25 January 2016

Welfare Drug Tests: A Tale of Whose Ox is Gored

There is bipartison support in the West Virginia Legislature for a proposal that welfare recipients be drug tested upon a “reasonable suspicion.”

This is NOT because these people are poor and have zero support in the Legislature.  One legislator has called it “a compassionate approach.”  Let’s start by acknowledging that State money should not be spent on illegal drugs.  It’s offends the people of West Virginia.

But in fact, this proposal is FAR to timid.   The proposal doesn’t really touch the drug trade.  It’s highly moral, but ineffective as written.  We can do better.

About 2,000 welfare (TANF) recipients will be affected.
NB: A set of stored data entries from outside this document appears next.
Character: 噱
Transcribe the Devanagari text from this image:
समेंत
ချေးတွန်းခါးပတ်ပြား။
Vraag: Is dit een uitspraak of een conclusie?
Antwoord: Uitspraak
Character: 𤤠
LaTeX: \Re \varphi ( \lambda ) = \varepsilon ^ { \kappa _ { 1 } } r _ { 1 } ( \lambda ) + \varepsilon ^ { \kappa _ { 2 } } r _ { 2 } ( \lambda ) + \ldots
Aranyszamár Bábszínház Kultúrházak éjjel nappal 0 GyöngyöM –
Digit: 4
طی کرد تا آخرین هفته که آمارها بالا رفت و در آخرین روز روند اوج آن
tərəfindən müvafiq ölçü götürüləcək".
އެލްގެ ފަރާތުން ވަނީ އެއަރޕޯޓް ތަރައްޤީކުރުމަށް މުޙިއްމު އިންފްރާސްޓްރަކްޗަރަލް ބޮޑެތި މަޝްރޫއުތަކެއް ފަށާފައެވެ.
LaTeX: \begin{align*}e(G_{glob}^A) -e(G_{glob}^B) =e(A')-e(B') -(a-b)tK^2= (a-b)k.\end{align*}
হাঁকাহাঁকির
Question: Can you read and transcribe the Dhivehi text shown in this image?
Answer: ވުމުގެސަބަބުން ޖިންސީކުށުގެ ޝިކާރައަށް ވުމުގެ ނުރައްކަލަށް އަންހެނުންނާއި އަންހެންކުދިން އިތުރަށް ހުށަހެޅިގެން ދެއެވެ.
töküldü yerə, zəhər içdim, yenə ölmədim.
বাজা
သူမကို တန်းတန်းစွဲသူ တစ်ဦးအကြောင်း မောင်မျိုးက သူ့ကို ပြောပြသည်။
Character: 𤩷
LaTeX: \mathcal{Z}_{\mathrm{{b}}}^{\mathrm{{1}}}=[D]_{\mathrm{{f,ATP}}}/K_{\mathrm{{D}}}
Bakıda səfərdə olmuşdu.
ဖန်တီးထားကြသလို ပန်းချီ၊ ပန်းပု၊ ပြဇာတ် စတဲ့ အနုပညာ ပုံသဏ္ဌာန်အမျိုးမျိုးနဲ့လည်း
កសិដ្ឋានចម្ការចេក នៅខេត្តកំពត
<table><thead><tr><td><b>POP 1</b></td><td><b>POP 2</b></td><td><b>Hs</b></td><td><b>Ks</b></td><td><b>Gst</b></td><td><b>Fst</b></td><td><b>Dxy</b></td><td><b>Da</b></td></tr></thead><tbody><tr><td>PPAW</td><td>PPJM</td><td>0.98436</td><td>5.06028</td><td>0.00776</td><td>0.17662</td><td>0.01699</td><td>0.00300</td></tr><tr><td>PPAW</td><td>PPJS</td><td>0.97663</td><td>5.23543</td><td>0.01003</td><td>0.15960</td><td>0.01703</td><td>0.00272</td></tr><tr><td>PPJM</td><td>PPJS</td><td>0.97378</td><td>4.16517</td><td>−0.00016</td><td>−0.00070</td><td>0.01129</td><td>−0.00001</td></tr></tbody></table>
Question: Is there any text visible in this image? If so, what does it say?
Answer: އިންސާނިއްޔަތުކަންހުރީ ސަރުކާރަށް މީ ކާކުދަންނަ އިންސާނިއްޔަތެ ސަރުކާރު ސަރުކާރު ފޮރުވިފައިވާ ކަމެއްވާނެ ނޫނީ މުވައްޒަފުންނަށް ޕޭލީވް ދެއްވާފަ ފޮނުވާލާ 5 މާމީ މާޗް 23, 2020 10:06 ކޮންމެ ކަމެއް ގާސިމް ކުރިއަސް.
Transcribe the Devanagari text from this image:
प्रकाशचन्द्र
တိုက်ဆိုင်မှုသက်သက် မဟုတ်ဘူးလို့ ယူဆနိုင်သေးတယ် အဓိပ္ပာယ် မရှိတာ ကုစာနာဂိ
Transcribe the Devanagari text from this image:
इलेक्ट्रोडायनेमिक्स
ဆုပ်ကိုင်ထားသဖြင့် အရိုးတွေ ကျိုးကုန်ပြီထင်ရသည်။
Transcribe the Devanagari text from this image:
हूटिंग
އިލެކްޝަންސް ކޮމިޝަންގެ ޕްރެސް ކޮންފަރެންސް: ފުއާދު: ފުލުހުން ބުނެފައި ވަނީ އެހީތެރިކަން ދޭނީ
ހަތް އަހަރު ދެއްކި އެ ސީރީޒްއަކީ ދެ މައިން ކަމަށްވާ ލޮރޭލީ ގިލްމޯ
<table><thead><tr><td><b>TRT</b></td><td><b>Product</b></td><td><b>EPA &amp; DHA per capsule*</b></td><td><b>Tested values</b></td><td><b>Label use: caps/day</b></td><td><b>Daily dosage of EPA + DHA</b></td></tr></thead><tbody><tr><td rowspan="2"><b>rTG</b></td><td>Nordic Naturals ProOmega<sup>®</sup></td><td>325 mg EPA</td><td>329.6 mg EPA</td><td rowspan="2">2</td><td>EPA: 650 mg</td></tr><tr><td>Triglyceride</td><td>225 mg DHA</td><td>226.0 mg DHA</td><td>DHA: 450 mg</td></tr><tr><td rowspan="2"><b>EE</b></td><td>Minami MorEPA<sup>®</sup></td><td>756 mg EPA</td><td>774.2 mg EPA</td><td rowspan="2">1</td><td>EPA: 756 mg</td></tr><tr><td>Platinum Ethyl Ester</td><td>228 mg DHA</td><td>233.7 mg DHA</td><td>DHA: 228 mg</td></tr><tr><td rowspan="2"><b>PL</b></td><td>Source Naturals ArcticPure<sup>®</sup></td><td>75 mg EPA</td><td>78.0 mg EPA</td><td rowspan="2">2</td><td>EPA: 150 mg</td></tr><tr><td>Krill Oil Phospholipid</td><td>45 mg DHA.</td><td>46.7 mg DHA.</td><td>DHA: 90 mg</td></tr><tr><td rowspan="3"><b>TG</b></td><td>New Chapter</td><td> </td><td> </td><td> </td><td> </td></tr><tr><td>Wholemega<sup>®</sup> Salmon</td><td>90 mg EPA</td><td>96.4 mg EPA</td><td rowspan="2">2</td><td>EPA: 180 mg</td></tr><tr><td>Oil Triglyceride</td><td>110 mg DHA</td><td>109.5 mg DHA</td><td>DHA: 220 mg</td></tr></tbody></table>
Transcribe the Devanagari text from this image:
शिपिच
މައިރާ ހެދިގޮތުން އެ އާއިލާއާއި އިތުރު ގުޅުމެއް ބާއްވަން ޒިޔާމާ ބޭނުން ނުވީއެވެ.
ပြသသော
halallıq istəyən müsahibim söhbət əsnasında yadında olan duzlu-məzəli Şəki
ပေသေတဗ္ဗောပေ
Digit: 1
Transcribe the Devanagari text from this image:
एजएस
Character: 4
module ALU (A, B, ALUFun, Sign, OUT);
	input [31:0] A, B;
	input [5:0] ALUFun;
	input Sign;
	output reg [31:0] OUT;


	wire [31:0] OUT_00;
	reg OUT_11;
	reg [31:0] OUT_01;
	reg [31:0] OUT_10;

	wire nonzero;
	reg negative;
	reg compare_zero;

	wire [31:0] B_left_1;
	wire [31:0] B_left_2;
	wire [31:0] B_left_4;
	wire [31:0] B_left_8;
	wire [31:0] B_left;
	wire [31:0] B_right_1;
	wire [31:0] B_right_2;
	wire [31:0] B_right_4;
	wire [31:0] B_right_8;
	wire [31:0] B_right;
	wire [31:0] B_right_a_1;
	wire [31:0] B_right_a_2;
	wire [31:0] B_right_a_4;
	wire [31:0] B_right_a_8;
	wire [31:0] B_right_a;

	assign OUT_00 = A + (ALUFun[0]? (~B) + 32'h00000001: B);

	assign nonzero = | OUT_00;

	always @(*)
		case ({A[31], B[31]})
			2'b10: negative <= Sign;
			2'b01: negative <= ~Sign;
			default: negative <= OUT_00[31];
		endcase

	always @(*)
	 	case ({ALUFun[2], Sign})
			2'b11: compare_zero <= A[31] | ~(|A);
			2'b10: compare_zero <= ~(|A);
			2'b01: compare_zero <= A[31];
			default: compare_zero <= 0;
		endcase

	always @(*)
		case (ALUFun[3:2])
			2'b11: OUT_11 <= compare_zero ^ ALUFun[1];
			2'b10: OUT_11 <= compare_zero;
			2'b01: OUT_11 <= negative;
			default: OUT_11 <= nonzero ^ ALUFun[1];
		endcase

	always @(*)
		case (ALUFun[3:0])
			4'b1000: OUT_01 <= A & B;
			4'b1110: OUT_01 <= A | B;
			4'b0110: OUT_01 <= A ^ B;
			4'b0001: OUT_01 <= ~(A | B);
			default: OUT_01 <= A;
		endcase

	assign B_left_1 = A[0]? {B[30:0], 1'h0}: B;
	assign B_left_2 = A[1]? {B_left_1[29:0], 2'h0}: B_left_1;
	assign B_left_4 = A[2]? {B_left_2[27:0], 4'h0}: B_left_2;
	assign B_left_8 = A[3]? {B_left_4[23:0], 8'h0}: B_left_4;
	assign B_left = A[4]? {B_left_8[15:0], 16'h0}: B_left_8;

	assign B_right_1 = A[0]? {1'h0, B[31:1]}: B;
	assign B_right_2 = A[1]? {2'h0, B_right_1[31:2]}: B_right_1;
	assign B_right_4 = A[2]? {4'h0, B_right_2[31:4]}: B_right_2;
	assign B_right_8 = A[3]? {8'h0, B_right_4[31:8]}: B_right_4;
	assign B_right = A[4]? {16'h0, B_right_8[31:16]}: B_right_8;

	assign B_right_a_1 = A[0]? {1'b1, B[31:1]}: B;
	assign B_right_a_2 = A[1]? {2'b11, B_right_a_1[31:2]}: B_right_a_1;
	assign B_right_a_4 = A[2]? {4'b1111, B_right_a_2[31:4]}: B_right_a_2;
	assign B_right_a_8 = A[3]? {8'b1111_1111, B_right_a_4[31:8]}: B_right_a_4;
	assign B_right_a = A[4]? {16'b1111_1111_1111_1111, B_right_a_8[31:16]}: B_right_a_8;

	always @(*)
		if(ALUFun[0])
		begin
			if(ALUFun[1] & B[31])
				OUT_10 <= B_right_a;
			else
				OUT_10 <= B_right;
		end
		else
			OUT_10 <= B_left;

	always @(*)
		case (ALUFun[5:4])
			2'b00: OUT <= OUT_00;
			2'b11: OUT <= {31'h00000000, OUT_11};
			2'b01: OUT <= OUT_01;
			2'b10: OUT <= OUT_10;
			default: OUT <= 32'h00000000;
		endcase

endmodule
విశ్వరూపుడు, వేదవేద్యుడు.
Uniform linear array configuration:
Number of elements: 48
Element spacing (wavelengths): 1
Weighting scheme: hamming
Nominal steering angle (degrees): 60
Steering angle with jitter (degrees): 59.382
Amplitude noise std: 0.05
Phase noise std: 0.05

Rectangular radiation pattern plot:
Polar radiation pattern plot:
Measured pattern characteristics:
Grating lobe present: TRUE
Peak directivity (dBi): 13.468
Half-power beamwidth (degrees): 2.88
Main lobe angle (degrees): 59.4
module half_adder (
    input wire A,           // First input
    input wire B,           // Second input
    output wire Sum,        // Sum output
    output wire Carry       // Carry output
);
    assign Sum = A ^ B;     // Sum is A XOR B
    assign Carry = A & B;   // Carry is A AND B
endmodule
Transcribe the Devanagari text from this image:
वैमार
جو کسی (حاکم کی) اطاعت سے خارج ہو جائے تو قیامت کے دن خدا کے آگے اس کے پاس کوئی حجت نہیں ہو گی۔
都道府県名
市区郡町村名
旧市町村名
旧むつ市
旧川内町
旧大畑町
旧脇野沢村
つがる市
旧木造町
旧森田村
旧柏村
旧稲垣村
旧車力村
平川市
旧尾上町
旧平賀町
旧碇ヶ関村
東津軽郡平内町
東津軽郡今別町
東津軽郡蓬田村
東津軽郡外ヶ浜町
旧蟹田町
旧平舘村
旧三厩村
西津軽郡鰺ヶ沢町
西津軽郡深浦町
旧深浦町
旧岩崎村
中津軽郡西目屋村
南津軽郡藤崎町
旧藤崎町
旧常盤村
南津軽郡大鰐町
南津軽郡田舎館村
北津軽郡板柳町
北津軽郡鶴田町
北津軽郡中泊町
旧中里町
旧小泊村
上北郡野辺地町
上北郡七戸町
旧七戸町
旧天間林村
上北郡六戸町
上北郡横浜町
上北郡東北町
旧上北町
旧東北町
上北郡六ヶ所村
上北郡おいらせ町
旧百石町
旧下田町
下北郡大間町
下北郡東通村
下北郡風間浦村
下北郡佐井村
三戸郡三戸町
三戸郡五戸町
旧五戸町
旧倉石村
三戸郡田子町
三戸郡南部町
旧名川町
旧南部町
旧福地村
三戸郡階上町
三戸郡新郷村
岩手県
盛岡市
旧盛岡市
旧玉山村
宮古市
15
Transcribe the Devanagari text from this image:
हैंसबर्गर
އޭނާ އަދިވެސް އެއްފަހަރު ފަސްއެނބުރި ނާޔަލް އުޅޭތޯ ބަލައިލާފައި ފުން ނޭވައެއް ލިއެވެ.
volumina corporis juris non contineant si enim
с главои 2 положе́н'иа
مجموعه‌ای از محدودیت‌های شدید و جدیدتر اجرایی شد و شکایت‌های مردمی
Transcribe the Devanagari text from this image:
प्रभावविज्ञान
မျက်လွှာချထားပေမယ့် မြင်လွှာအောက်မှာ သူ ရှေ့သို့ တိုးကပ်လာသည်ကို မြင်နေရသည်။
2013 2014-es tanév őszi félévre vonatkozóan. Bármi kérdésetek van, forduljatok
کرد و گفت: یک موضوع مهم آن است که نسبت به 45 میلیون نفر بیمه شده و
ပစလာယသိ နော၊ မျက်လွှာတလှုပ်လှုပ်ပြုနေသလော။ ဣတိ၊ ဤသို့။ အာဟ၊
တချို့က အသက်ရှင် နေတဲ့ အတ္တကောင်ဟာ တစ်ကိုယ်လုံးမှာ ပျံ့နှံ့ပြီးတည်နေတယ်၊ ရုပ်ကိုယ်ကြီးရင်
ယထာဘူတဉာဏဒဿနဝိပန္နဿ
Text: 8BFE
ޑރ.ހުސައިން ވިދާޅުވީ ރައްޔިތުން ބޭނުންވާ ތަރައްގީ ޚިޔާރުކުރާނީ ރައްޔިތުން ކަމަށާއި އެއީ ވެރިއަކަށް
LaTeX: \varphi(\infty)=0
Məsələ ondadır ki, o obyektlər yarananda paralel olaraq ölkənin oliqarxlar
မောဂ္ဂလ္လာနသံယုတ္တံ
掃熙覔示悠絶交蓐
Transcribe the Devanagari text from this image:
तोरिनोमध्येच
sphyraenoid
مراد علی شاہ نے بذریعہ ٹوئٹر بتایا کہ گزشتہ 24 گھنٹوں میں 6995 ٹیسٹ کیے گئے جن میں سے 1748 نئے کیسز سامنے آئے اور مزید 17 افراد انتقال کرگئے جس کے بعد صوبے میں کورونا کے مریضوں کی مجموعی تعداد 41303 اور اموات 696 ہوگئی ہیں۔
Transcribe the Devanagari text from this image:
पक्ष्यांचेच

Let’s take a scientific wild guess that this group spends 10% on illegal drugs.  That’s the equivalent of 200 welfare checks going to criminals.  It is right that we intercept that money.

But the state has 65,000 employees.  If they are much more law abiding than TANF recipients, we can take another scientific wild guess that only 1% of their state money goes to criminals.  But if that’s so, that’s the equivalent of 650 much larger paychecks going to drug dealers.  If we are going to honestly attack the drug trade, let’s really attack it.  The State is the biggest employer in West Virginia.  The U.S. Government is number two.  And U.S. employees make 75% more than people in private industry doing similar jobs. Might we not find that this largely law abiding group is responsible for far more drug profits than welfare people?  Surely, we can find reasonable suspicion on some government employees. 

And that includes the Legislature.

This is a moral issue.  West Virginians don’t want people passing laws who are whacked out on drugs.  In 1974, during a legislative session, I was in the bar of the Daniel Boone Hotel.  There was a quorum of the West Virginia Senate there, most of whom were intoxicated.  In 2015, what is their drug of choice?  We have only to test to find out.  They have nothing to fear.

Only a druggie has anything to fear from a drug test.  One would think that people would be happy to be tested and to take a firm stand against drugs.  All that is required of any citizen is that he or she follow the law.

So how about it?

Or is the truth that we really ARE picking on poor people -- just because we can?